### Try it
Below are the records. Retype, exactly, the lines from the first through the line with "#1573 = VECTOR ( 'NONE', #1380, 1000. ) ;", and leave out the pictures.
• • • • • • •
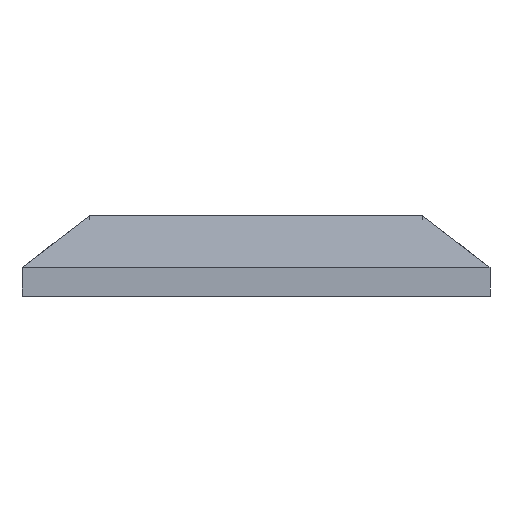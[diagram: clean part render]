
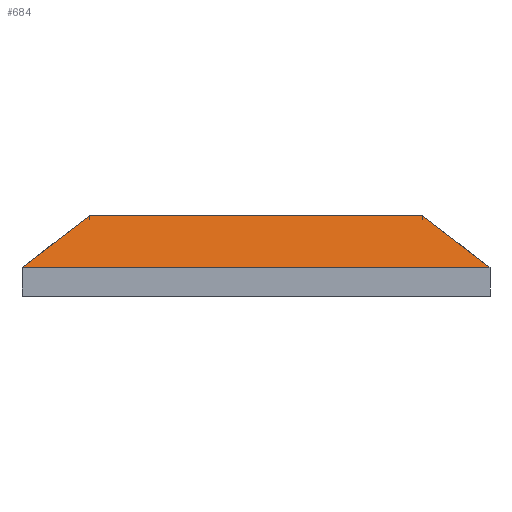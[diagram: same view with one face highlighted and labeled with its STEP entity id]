
A CAD part, front view. The second image highlights one B-rep face of the part: STEP entity #684.
In plain terms, the highlighted planar face has unit normal (0, -0.508, 0.861).
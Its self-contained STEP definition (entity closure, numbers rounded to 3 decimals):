
#93 = CARTESIAN_POINT ( 'NONE',  ( 40.75, -253.25, 5. ) ) ;
#169 = VECTOR ( 'NONE', #419, 1000. ) ;
#194 = LINE ( 'NONE', #439, #169 ) ;
#215 = CARTESIAN_POINT ( 'NONE',  ( 13.583, -253.25, 5. ) ) ;
#289 = CARTESIAN_POINT ( 'NONE',  ( -13.583, -253.25, 5. ) ) ;
#326 = VERTEX_POINT ( 'NONE', #649 ) ;
#347 = VERTEX_POINT ( 'NONE', #564 ) ;
#380 = VERTEX_POINT ( 'NONE', #450 ) ;
#419 = DIRECTION ( 'NONE',  ( -0.553, -0.718, -0.424 ) ) ;
#439 = CARTESIAN_POINT ( 'NONE',  ( -29., -238., 14. ) ) ;
#448 = FACE_OUTER_BOUND ( 'NONE', #928, .T. ) ;
#450 = CARTESIAN_POINT ( 'NONE',  ( -29., -238., 14. ) ) ;
#473 = CARTESIAN_POINT ( 'NONE',  ( -40.75, -253.25, 5. ) ) ;
#564 = CARTESIAN_POINT ( 'NONE',  ( -40.75, -253.25, 5. ) ) ;
#572 = VECTOR ( 'NONE', #2110, 1000. ) ;
#629 = CARTESIAN_POINT ( 'NONE',  ( 40.75, -253.25, 5. ) ) ;
#634 = LINE ( 'NONE', #2122, #572 ) ;
#649 = CARTESIAN_POINT ( 'NONE',  ( 29., -238., 14. ) ) ;
#684 = ADVANCED_FACE ( 'NONE', ( #448 ), #1422, .T. ) ;
#721 = ORIENTED_EDGE ( 'NONE', *, *, #1938, .T. ) ;
#749 = ORIENTED_EDGE ( 'NONE', *, *, #1860, .T. ) ;
#928 = EDGE_LOOP ( 'NONE', ( #749, #721, #1214, #1459 ) ) ;
#1208 = B_SPLINE_CURVE_WITH_KNOTS ( 'NONE', 3,
 ( #473, #289, #215, #93 ),
 .UNSPECIFIED., .F., .F.,
 ( 4, 4 ),
 ( 0., 1. ),
 .UNSPECIFIED. ) ;
#1214 = ORIENTED_EDGE ( 'NONE', *, *, #1795, .F. ) ;
#1225 = DIRECTION ( 'NONE',  ( 0., -0.861, -0.508 ) ) ;
#1247 = AXIS2_PLACEMENT_3D ( 'NONE', #1398, #1249, #1225 ) ;
#1249 = DIRECTION ( 'NONE',  ( 0., -0.508, 0.861 ) ) ;
#1320 = VERTEX_POINT ( 'NONE', #629 ) ;
#1348 = CARTESIAN_POINT ( 'NONE',  ( -29., -238., 14. ) ) ;
#1380 = DIRECTION ( 'NONE',  ( -1., 0., 0. ) ) ;
#1398 = CARTESIAN_POINT ( 'NONE',  ( 0., -225.586, 21.326 ) ) ;
#1422 = PLANE ( 'NONE',  #1247 ) ;
#1459 = ORIENTED_EDGE ( 'NONE', *, *, #2029, .T. ) ;
#1573 = VECTOR ( 'NONE', #1380, 1000. ) ;
#1637 = LINE ( 'NONE', #1348, #1573 ) ;
#1795 = EDGE_CURVE ( 'NONE', #326, #1320, #634, .T. ) ;
#1860 = EDGE_CURVE ( 'NONE', #380, #347, #194, .T. ) ;
#1938 = EDGE_CURVE ( 'NONE', #347, #1320, #1208, .T. ) ;
#2029 = EDGE_CURVE ( 'NONE', #326, #380, #1637, .T. ) ;
#2110 = DIRECTION ( 'NONE',  ( 0.553, -0.718, -0.424 ) ) ;
#2122 = CARTESIAN_POINT ( 'NONE',  ( 29., -238., 14. ) ) ;
• • • • • • •
### Reply
[diagram: clean part render]
[diagram: same view with one face highlighted and labeled with its STEP entity id]
A CAD part, front view. The second image highlights one B-rep face of the part: STEP entity #684.
In plain terms, the highlighted planar face has unit normal (0, -0.508, 0.861).
Its self-contained STEP definition (entity closure, numbers rounded to 3 decimals):
#93 = CARTESIAN_POINT ( 'NONE',  ( 40.75, -253.25, 5. ) ) ;
#169 = VECTOR ( 'NONE', #419, 1000. ) ;
#194 = LINE ( 'NONE', #439, #169 ) ;
#215 = CARTESIAN_POINT ( 'NONE',  ( 13.583, -253.25, 5. ) ) ;
#289 = CARTESIAN_POINT ( 'NONE',  ( -13.583, -253.25, 5. ) ) ;
#326 = VERTEX_POINT ( 'NONE', #649 ) ;
#347 = VERTEX_POINT ( 'NONE', #564 ) ;
#380 = VERTEX_POINT ( 'NONE', #450 ) ;
#419 = DIRECTION ( 'NONE',  ( -0.553, -0.718, -0.424 ) ) ;
#439 = CARTESIAN_POINT ( 'NONE',  ( -29., -238., 14. ) ) ;
#448 = FACE_OUTER_BOUND ( 'NONE', #928, .T. ) ;
#450 = CARTESIAN_POINT ( 'NONE',  ( -29., -238., 14. ) ) ;
#473 = CARTESIAN_POINT ( 'NONE',  ( -40.75, -253.25, 5. ) ) ;
#564 = CARTESIAN_POINT ( 'NONE',  ( -40.75, -253.25, 5. ) ) ;
#572 = VECTOR ( 'NONE', #2110, 1000. ) ;
#629 = CARTESIAN_POINT ( 'NONE',  ( 40.75, -253.25, 5. ) ) ;
#634 = LINE ( 'NONE', #2122, #572 ) ;
#649 = CARTESIAN_POINT ( 'NONE',  ( 29., -238., 14. ) ) ;
#684 = ADVANCED_FACE ( 'NONE', ( #448 ), #1422, .T. ) ;
#721 = ORIENTED_EDGE ( 'NONE', *, *, #1938, .T. ) ;
#749 = ORIENTED_EDGE ( 'NONE', *, *, #1860, .T. ) ;
#928 = EDGE_LOOP ( 'NONE', ( #749, #721, #1214, #1459 ) ) ;
#1208 = B_SPLINE_CURVE_WITH_KNOTS ( 'NONE', 3,
 ( #473, #289, #215, #93 ),
 .UNSPECIFIED., .F., .F.,
 ( 4, 4 ),
 ( 0., 1. ),
 .UNSPECIFIED. ) ;
#1214 = ORIENTED_EDGE ( 'NONE', *, *, #1795, .F. ) ;
#1225 = DIRECTION ( 'NONE',  ( 0., -0.861, -0.508 ) ) ;
#1247 = AXIS2_PLACEMENT_3D ( 'NONE', #1398, #1249, #1225 ) ;
#1249 = DIRECTION ( 'NONE',  ( 0., -0.508, 0.861 ) ) ;
#1320 = VERTEX_POINT ( 'NONE', #629 ) ;
#1348 = CARTESIAN_POINT ( 'NONE',  ( -29., -238., 14. ) ) ;
#1380 = DIRECTION ( 'NONE',  ( -1., 0., 0. ) ) ;
#1398 = CARTESIAN_POINT ( 'NONE',  ( 0., -225.586, 21.326 ) ) ;
#1422 = PLANE ( 'NONE',  #1247 ) ;
#1459 = ORIENTED_EDGE ( 'NONE', *, *, #2029, .T. ) ;
#1573 = VECTOR ( 'NONE', #1380, 1000. ) ;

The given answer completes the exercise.